*WHAT YOU HAVE TO DO:*
Produce a faithful copy of the data, one that leaves out the pictures.

*SOURCE MATERIAL:*
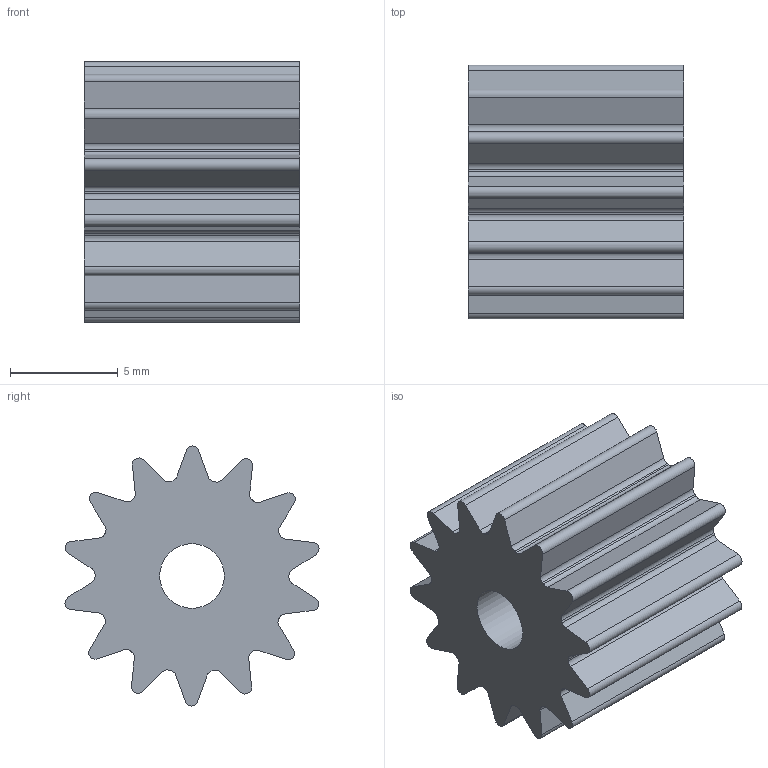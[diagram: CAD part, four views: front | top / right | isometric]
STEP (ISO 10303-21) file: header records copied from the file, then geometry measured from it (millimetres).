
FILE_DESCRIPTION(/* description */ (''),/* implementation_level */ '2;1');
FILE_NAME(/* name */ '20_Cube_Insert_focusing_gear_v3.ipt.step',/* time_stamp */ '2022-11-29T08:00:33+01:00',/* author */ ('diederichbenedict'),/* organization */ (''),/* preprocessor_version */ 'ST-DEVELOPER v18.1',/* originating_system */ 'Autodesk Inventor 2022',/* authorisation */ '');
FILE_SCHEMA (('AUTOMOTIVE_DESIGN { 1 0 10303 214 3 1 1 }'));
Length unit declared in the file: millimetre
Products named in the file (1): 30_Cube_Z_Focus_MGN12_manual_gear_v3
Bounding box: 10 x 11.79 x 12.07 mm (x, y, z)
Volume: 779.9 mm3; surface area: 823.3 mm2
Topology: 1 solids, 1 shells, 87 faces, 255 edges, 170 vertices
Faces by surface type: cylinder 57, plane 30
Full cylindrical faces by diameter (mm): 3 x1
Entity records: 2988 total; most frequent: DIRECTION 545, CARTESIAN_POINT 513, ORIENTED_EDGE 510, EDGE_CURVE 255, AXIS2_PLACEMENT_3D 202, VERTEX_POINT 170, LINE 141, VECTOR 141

*RESULT OF THE TASK:*
[diagram: CAD part, four views: front | top / right | isometric]
STEP (ISO 10303-21) file: header records copied from the file, then geometry measured from it (millimetres).
FILE_DESCRIPTION(/* description */ (''),/* implementation_level */ '2;1');
FILE_NAME(/* name */ '20_Cube_Insert_focusing_gear_v3.ipt.step',/* time_stamp */ '2022-11-29T08:00:33+01:00',/* author */ ('diederichbenedict'),/* organization */ (''),/* preprocessor_version */ 'ST-DEVELOPER v18.1',/* originating_system */ 'Autodesk Inventor 2022',/* authorisation */ '');
FILE_SCHEMA (('AUTOMOTIVE_DESIGN { 1 0 10303 214 3 1 1 }'));
Length unit declared in the file: millimetre
Products named in the file (1): 30_Cube_Z_Focus_MGN12_manual_gear_v3
Bounding box: 10 x 11.79 x 12.07 mm (x, y, z)
Volume: 779.9 mm3; surface area: 823.3 mm2
Topology: 1 solids, 1 shells, 87 faces, 255 edges, 170 vertices
Faces by surface type: cylinder 57, plane 30
Full cylindrical faces by diameter (mm): 3 x1
Entity records: 2988 total; most frequent: DIRECTION 545, CARTESIAN_POINT 513, ORIENTED_EDGE 510, EDGE_CURVE 255, AXIS2_PLACEMENT_3D 202, VERTEX_POINT 170, LINE 141, VECTOR 141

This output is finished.